## WHAT TO PRODUCE
Omit every picture and return the rest of the data unaltered.

Stored items from a collection
---*---

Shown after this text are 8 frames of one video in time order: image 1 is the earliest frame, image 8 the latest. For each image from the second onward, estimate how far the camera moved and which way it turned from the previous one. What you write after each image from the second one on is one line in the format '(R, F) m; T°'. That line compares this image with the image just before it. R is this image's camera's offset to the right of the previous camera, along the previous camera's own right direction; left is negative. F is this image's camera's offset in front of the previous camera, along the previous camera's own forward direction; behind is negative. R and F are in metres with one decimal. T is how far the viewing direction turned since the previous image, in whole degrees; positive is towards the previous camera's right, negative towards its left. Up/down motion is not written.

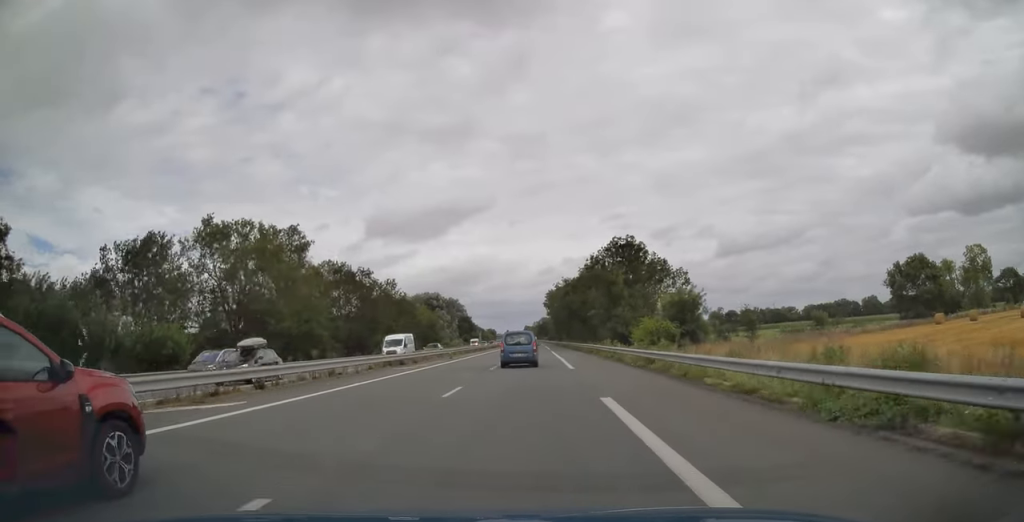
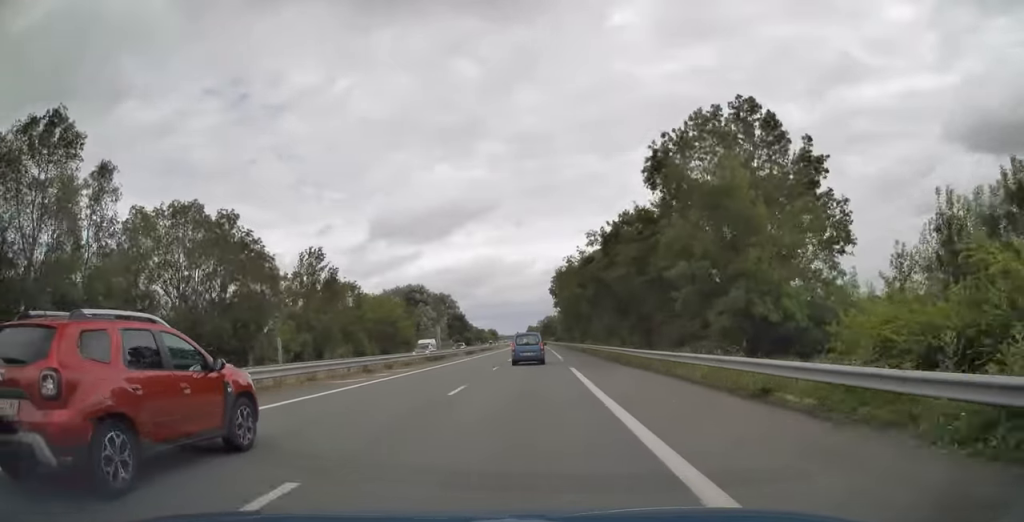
(-0.1, +38.1) m; 0°
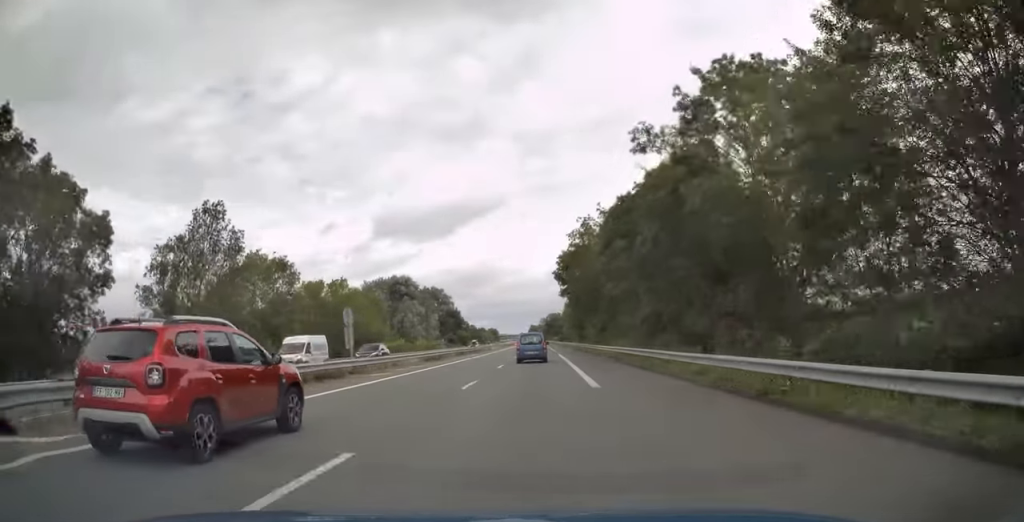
(-0.1, +24.2) m; 0°
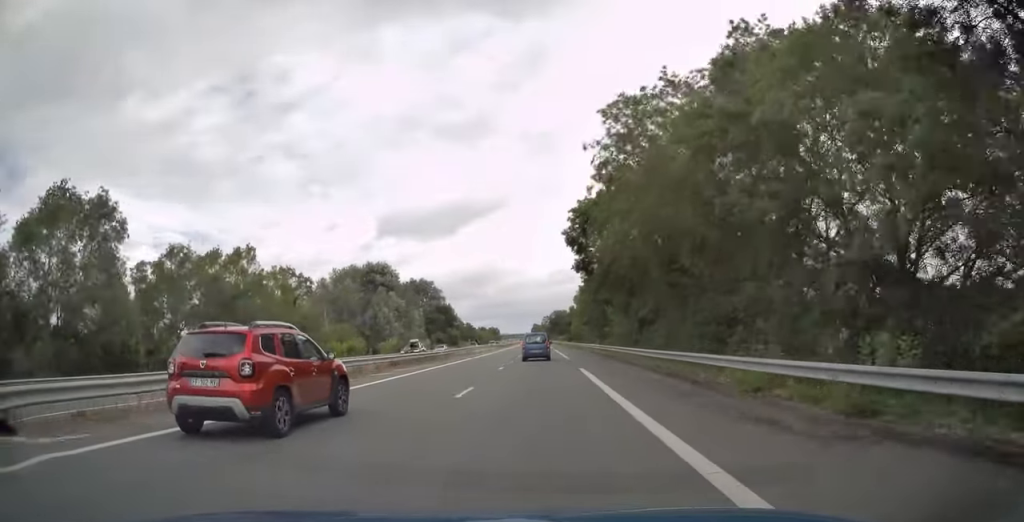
(-0.1, +28.5) m; 0°
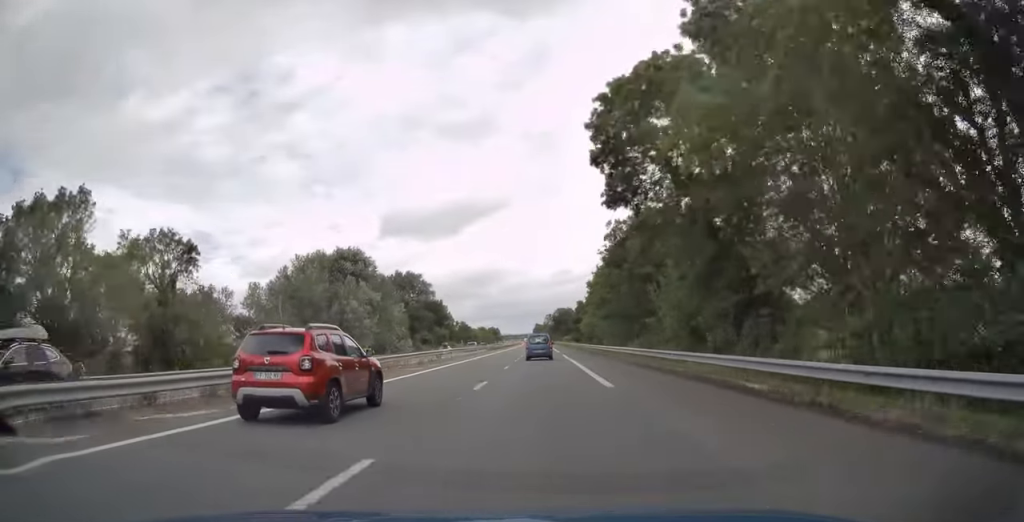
(-0.1, +23.7) m; 0°
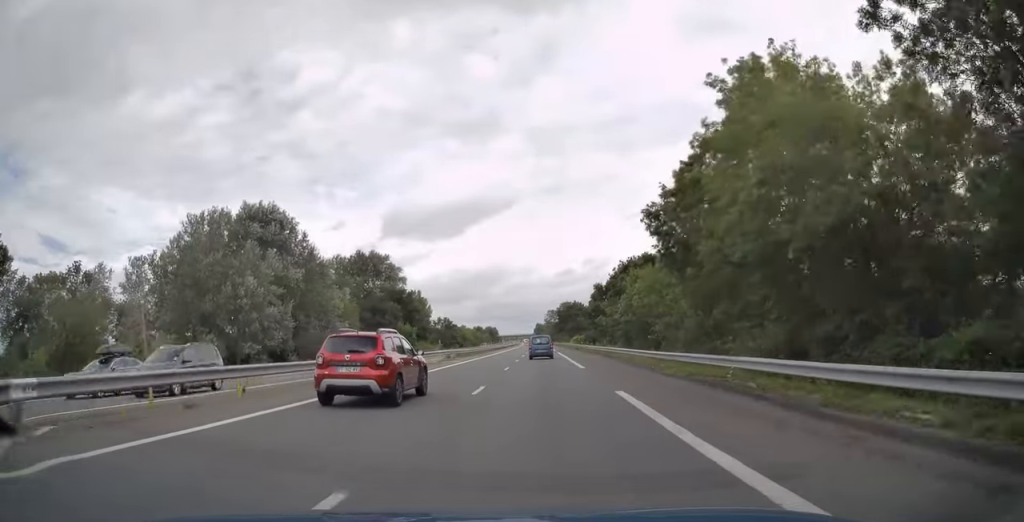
(-0.1, +40.3) m; 0°
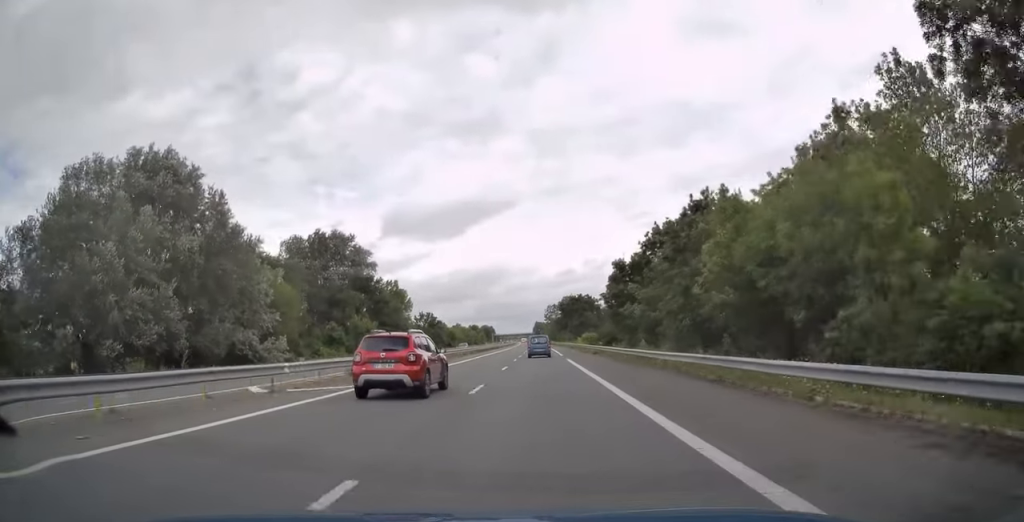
(0.0, +25.8) m; 0°
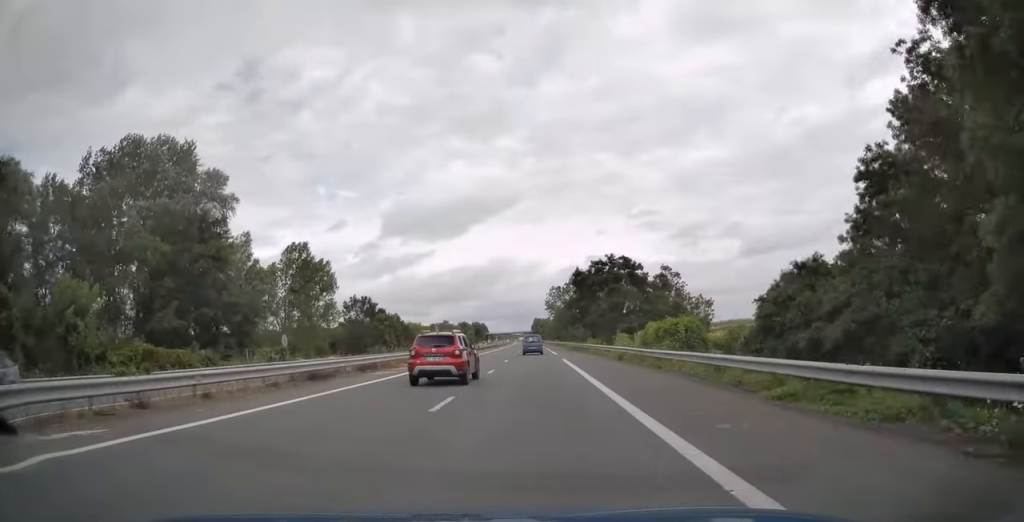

---*---

## RESULT
Shown after this text are 8 frames of one video in time order: image 1 is the earliest frame, image 8 the latest. For each image from the second onward, estimate how far the camera moved and which way it turned from the previous one. What you write after each image from the second one on is one line in the format '(R, F) m; T°'. That line compares this image with the image just before it. R is this image's camera's offset to the right of the previous camera, along the previous camera's own right direction; left is negative. F is this image's camera's offset in front of the previous camera, along the previous camera's own forward direction; behind is negative. R and F are in metres with one decimal. T is how far the viewing direction turned since the previous image, in whole degrees; positive is towards the previous camera's right, negative towards its left. Up/down motion is not written.

(-0.1, +38.1) m; 0°
(-0.1, +24.2) m; 0°
(-0.1, +28.5) m; 0°
(-0.1, +23.7) m; 0°
(-0.1, +40.3) m; 0°
(0.0, +25.8) m; 0°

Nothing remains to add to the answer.